Financial Highlights
- Revenue: $230 million, up 8% year-over-year
- Adjusted EPS: $0.89, up 7% from the previous year
- Adjusted EBITDA: $93 million, representing an 8% increase
- Adjusted EBITDA margin: 40.3%
- Operating cash flow: $86 million for the first half of 2025
Earnings vs. Forecast
Evertec’s actual EPS of $0.89 exceeded the forecast of $0.85, resulting in a 4.71% surprise. The revenue also surpassed expectations, with a 3.32% surprise over the forecasted $222.23 million. This performance marks a continuation of the company’s trend of exceeding market expectations, driven by strategic initiatives and market expansion.
Market Reaction
Despite the earnings beat, Evertec’s stock fell by 2.02% in after-hours trading, closing at $33.44. This decline may reflect broader market conditions or investor concerns about potential risks. The stock remains within its 52-week range of $31.11 to $38.56, indicating room for recovery. InvestingPro analysis indicates the stock is currently undervalued, with a beta of 0.98 suggesting moderate market correlation. The company’s strong financial health score of 2.6 out of 4 and impressive return on equity of 25% further support its investment case. Discover more undervalued opportunities at Most Undervalued Stocks.
Outlook & Guidance
Evertec projects its 2025 revenue to range between $910 and $920 million, reflecting a growth rate of 6.6% to 7.6%. The company expects adjusted EPS to grow by 4.87% and aims to continue its focus on key markets such as Brazil and Mexico. Strategic acquisitions remain a priority to enhance its market position.
Executive Commentary
Max Schuessler, CEO, emphasized the company’s active organic pipeline and unique technology capabilities, stating, "Our technology is unique... we develop the software, we’re able to customize it for customers." CFO Joaquin Castrillo added, "Consumer continues to be very resilient," highlighting the company’s strong market position.
Risks and Challenges
- Economic fluctuations in key markets could impact growth.

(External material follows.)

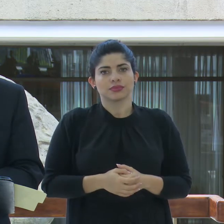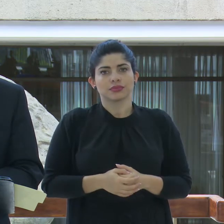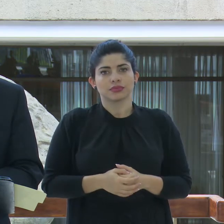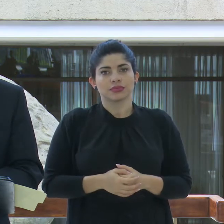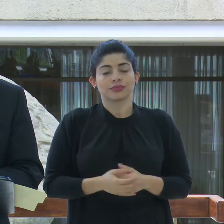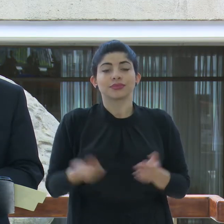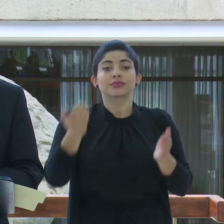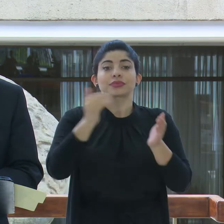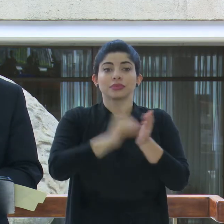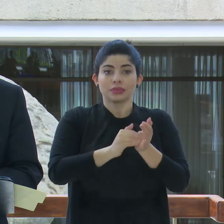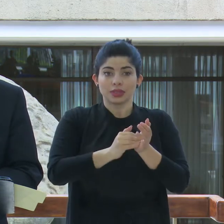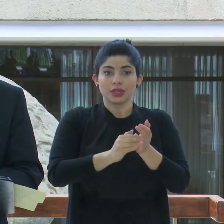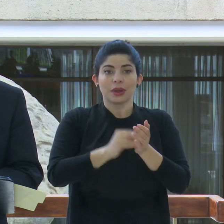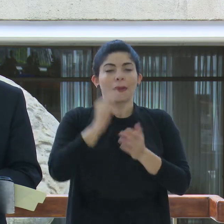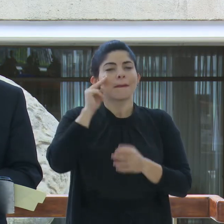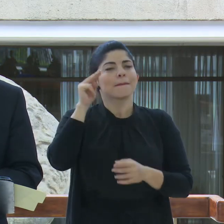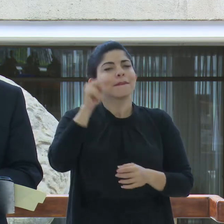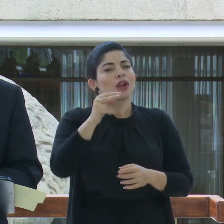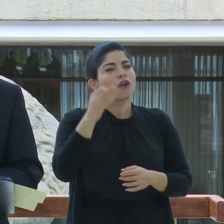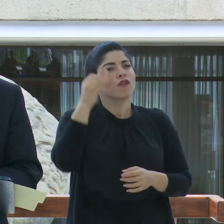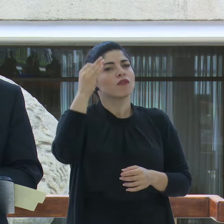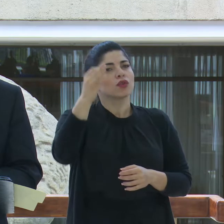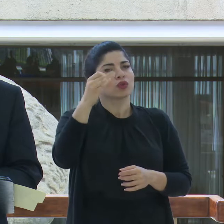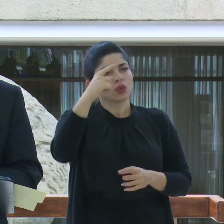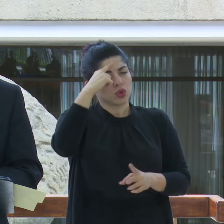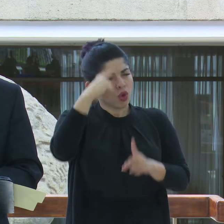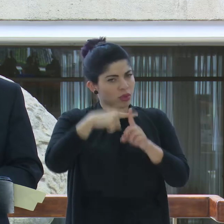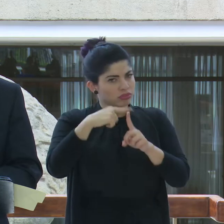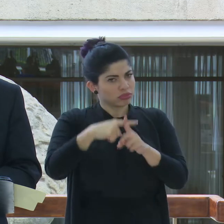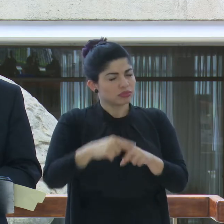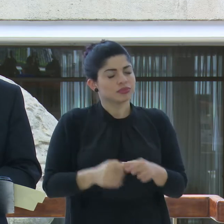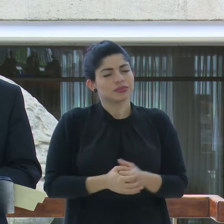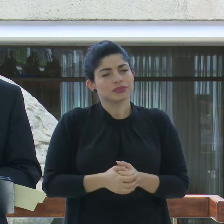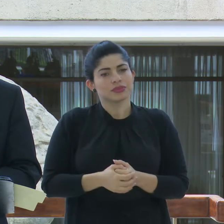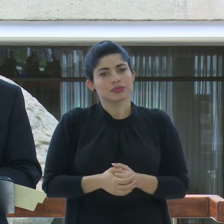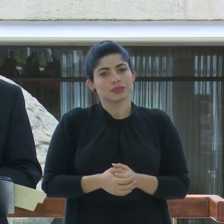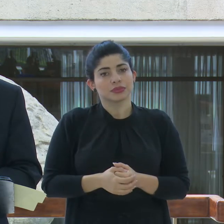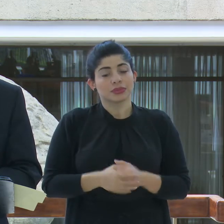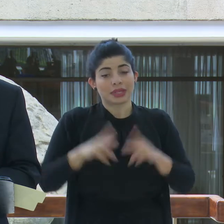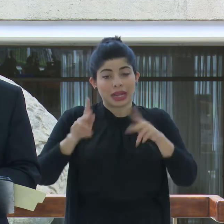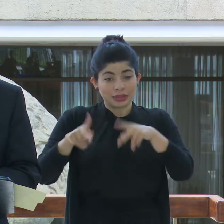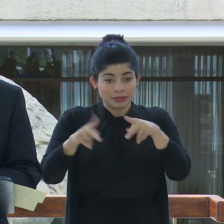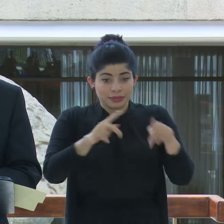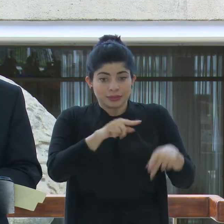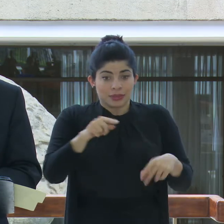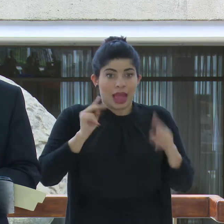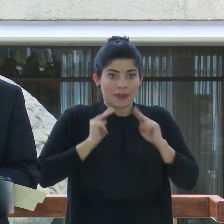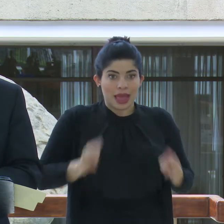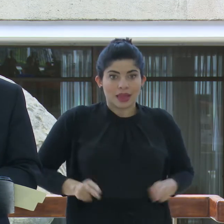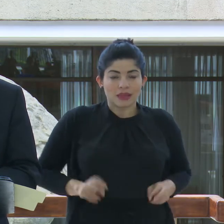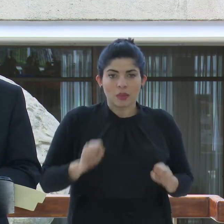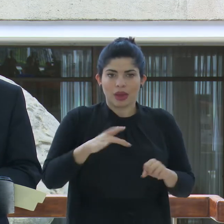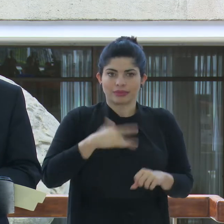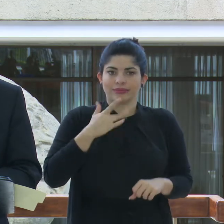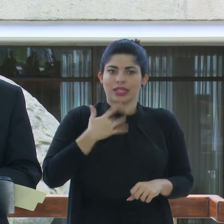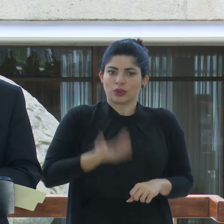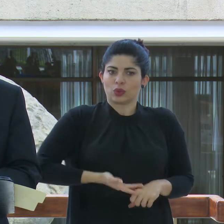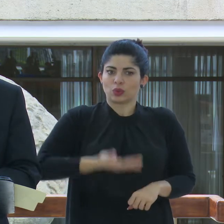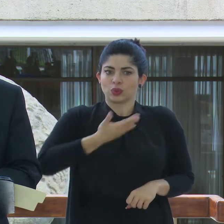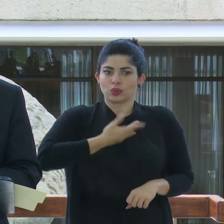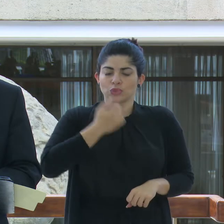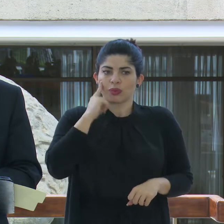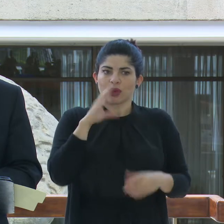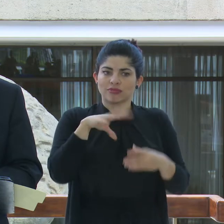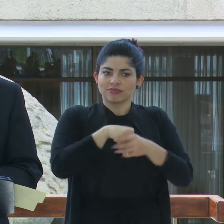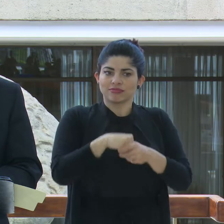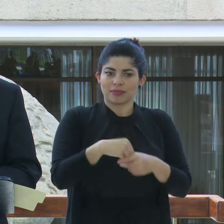Debemos ver nuestro futuro con optimismo, en el que sus habitantes se sientan orgullosos de pertenecer a

- Potential tariffs may affect operating costs.
- Competition in the technology and payment services sector remains intense.
- Integration of acquisitions poses operational challenges.
- Currency volatility could influence financial results.
Q&A
During the earnings call, analysts inquired about the performance of the Brazil segment, which is performing above expectations. Questions also focused on the company’s M&A strategy, with management confirming an active pipeline for smaller strategic acquisitions. Executives reassured that potential tariffs would not have a significant impact.
Full transcript - Evertec Inc (EVTC) Q2 2025:
Conference Operator: note this event is being recorded.
I would now like to turn the conference over to Beatrice Brown from Investor Relations. Please go ahead.
Beatrice Brown, Investor Relations, Evotec: Thank you, and good afternoon. With me today are Max Schuessler, our President and Chief Executive Officer and Joaquin Castrillo, our Chief Financial Officer. Before we begin, I would like to remind everyone that this call may contain forward looking statements and should be considered in conjunction with cautionary statements contained in our earnings release and the company’s most recent periodic SEC report. During today’s call, management will provide certain information that will constitute non GAAP financial measures under SEC rules, such as constant currency revenue, adjusted EBITDA, adjusted net income, adjusted earnings per common share and constant currency adjusted earnings per common share. Reconciliations to GAAP measures and certain additional information are also included in today’s earnings release and related supplemental slides, which are available in the Investor Relations section of our company website at www.evertecinc.com.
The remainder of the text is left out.